Art attack on train 'part of thesis'

He may have terrified passengers and caused thousands of pounds worth of damage but, according to a student who vandalised a train in Sweden, it was all in the name of art. The unidentified man, who was wearing a mask, boarded a train in Stockholm and proceeded to spray-paint graffiti over the walls before smashing a window and leaping on to the platform. According to press reports, he is a student at the University College of Arts, Crafts and Design in the Swedish capital, and the attack was part of his thesis. The transit authority has filed a complaint against the student, demanding 100,000 Swedish kronor (£7,990) to pay for the damage. The university told Associated Press that it was investigating whether the student had participated in the vandalism or simply made a video recording of it.


Millions to fund Fulbright rival

The European Union has put up more than three quarters of a billion pounds over five years to attract foreign scholars. The scholarships, worth £846 million, will be made available through Erasmus Mundus, a co-operation and mobility programme that promotes higher education in the EU, after funding was approved by the European Commission. The scholarships are intended to rival the US Fulbright scheme. Erasmus Mundus was launched in 2004 and has been expanded after a five-year pilot, during which 323 universities worldwide took part. Jan Figel', Commissioner for Education, Training, Culture and Youth, said the scheme's next phase would aim to strengthen ties with non-European institutions and focus more on postgraduate studies.
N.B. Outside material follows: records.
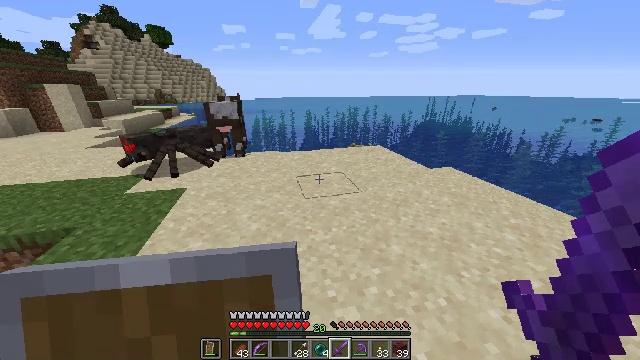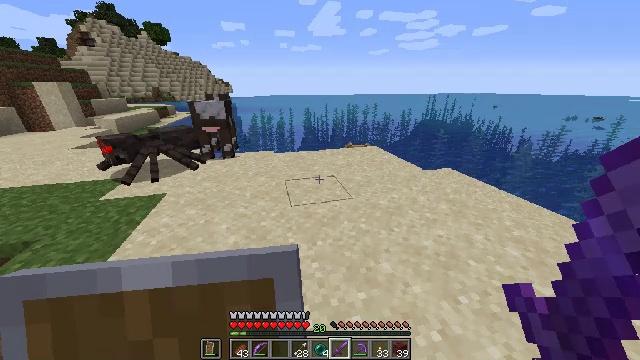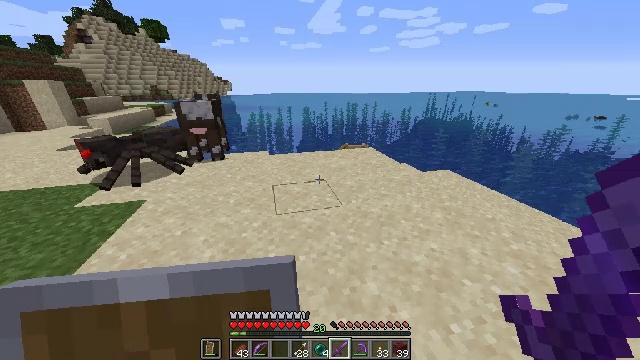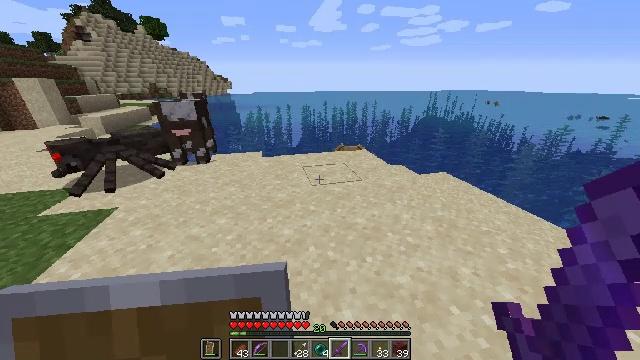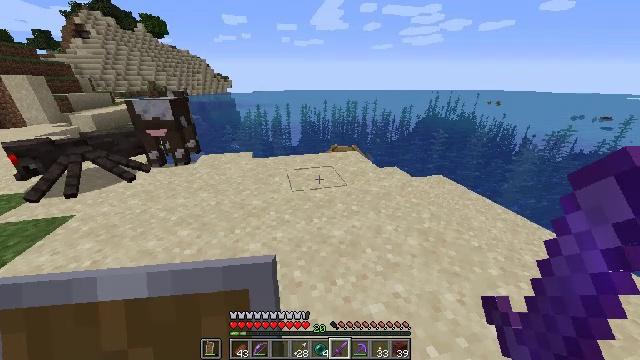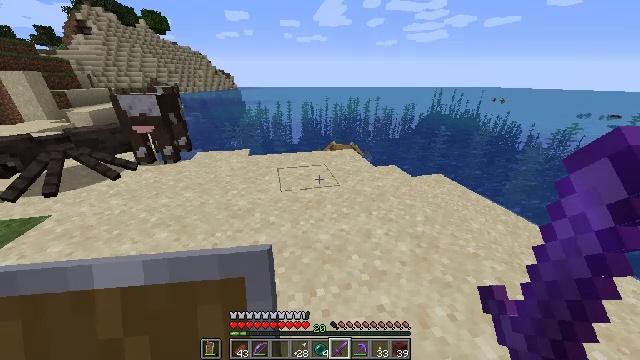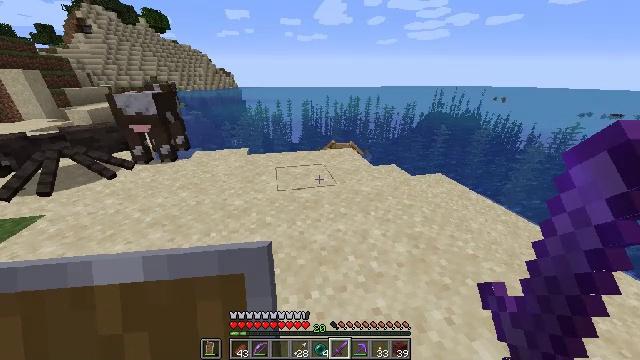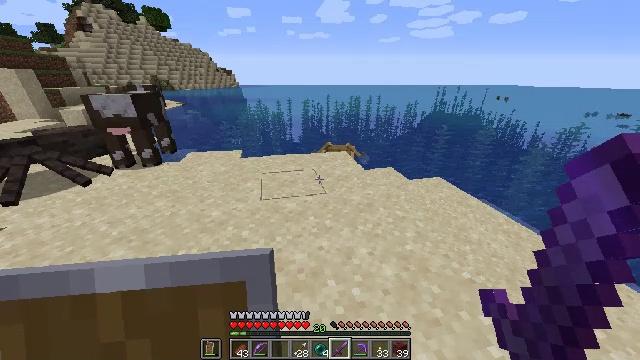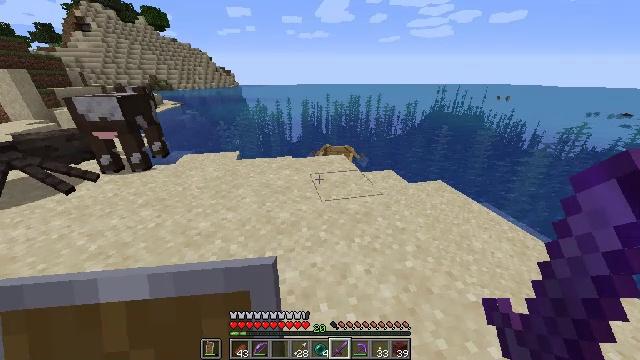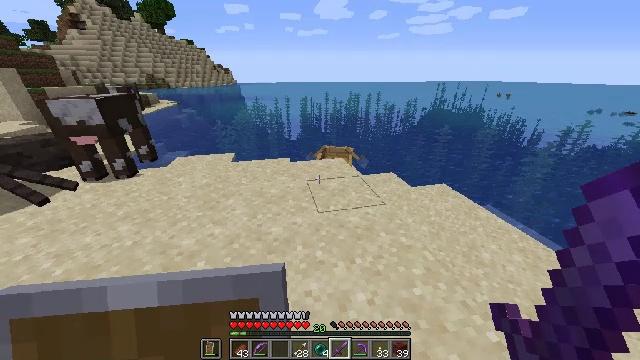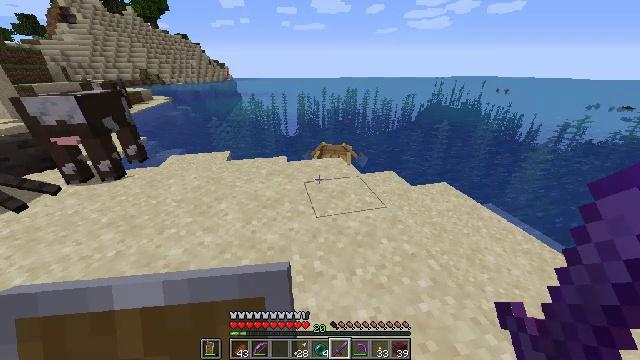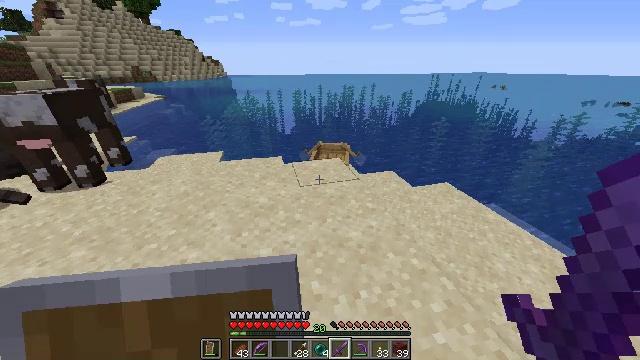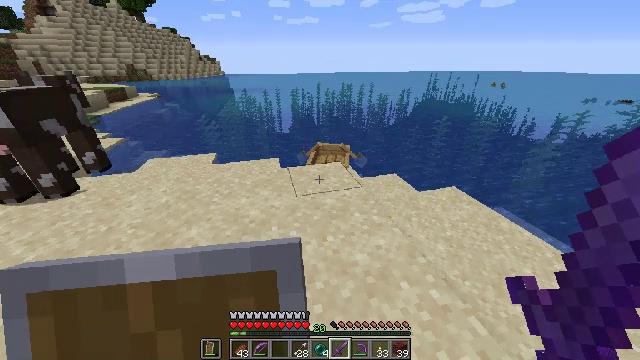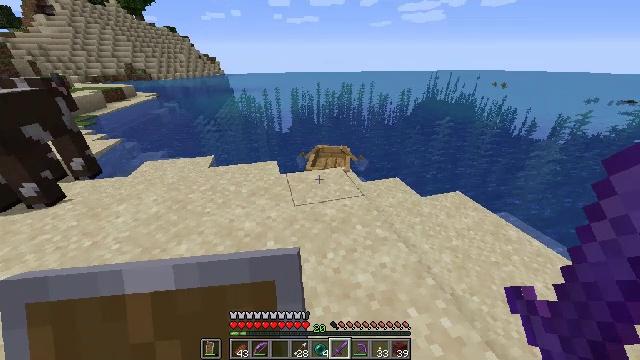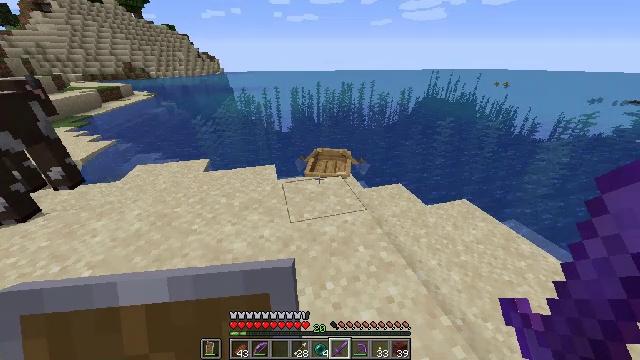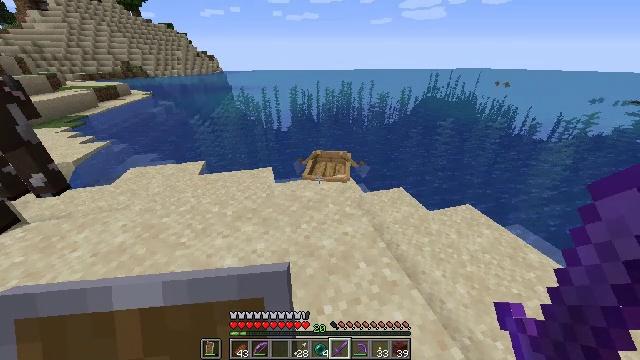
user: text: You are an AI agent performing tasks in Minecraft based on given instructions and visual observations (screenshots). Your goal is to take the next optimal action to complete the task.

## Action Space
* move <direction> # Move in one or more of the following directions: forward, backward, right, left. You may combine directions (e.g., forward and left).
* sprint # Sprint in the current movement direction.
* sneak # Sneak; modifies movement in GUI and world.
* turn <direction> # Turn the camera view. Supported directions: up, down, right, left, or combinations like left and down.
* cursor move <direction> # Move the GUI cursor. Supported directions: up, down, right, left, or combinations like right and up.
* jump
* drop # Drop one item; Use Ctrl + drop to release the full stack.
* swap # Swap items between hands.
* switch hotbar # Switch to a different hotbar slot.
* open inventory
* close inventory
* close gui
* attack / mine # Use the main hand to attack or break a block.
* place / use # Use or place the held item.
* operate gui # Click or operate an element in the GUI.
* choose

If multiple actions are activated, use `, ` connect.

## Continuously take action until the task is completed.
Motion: motion action
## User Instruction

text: Use blaze rods to make blaze powder.
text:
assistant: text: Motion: move forward and move right
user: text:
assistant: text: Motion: move forward and move right
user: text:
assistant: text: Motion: move forward and move right
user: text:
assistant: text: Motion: move forward and move right
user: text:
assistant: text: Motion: move forward and move right
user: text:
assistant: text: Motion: move forward and move right
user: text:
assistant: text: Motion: move forward
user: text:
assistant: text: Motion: move forward
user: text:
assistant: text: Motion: move forward
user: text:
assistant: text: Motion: move forward, turn down
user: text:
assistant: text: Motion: move forward
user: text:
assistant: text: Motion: move forward
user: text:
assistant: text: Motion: move forward
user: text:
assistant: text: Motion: move forward
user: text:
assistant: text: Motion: move forward
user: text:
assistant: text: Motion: move forward, turn down
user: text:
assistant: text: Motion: move forward, turn down
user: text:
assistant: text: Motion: move forward, turn down
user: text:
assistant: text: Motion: move forward, turn down
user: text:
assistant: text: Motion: move forward, turn down
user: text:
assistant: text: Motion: move forward, turn down
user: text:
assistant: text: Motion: move forward, turn down
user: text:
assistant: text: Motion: move forward, turn down
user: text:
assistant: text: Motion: move forward, turn down
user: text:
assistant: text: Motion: move forward, turn down
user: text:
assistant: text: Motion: move forward, turn down
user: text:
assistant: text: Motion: move forward, turn down
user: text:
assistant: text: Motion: move forward, turn down
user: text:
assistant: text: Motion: move forward, turn right and down
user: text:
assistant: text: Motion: move forward, turn right and down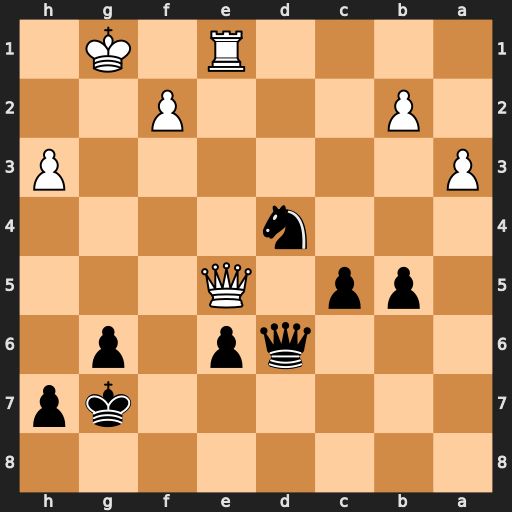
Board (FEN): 8/6kp/3qp1p1/1pp1Q3/3n4/P6P/1P3P2/4R1K1
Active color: b
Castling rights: -
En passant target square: -
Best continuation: Qxe5 Rxe5 Nf3+ Kf1 Nxe5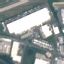
Land use / land cover class: Industrial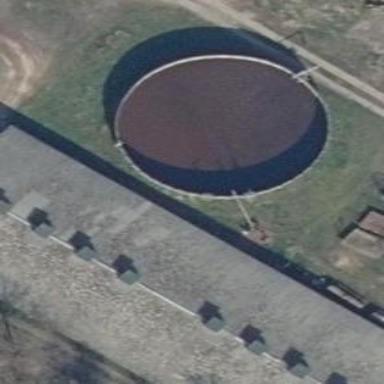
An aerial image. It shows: Storage tank that is man-made.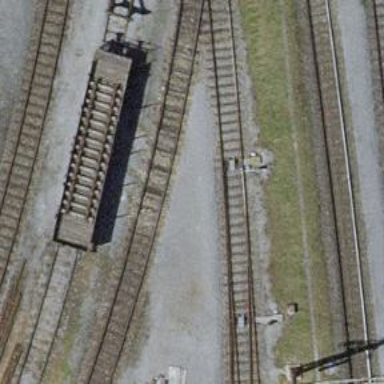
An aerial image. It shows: Single-track railway yard.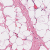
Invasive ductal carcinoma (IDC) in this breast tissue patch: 0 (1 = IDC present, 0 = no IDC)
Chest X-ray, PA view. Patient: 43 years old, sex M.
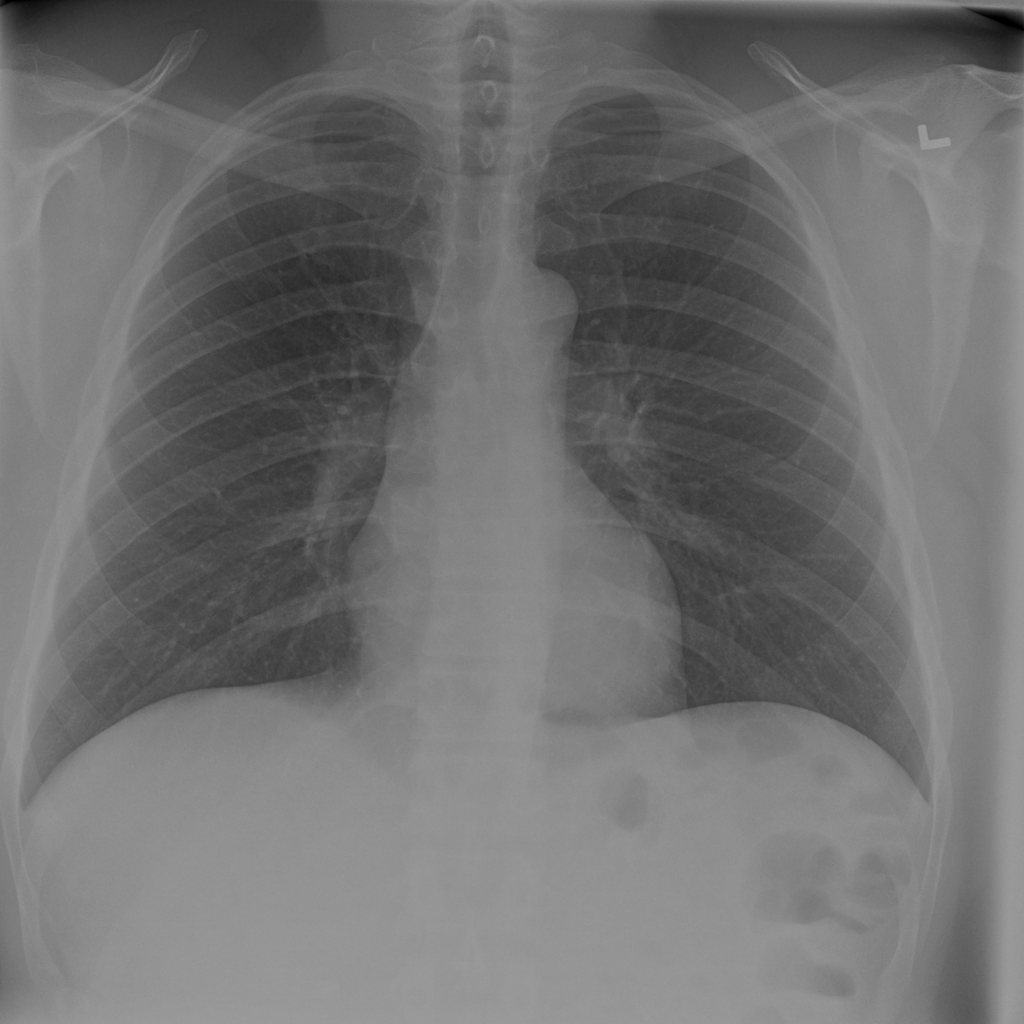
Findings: Infiltration

Big three break-up mooted again

Three leading Indian institutions may be split up after becoming too unwieldy due to the large number of colleges affiliated with them. According to The Times of India, the universities of Mumbai, Pune and Nagpur will be divided into several branches to streamline their operations. The plan was proposed last year but subsequently put on hold by Dilip Walse-Patil, former Minister for Higher and Technical Education. Now his successor, Rajesh Tope, has revived the proposals and promised to establish a committee to look at the plans. "The University Grants Committee ... has repeatedly said that these universities are overloaded," he said.

United States

Plea to Obama for investment

A leading academic has made an impassioned plea to Barack Obama to invest in higher education for the future vitality of the country. In an open letter to the President, Gary Rhoades, general secretary of the American Association of University Professors, implored him to put aside arguments about public spending versus tax cuts and give higher education the support it needs. He said: "Educational funding is neither a bloated governmental cost nor a jobs programme. It should be seen as an entrepreneurial investment ... that millions of individuals and families make, to achieve a better life. It is an investment made by communities throughout (US) history that have worked to have a college established in their midst. As a country, we should make that investment to secure a solid foundation for sustaining and expanding our middle class, for the surest route into a middle-class life is through college."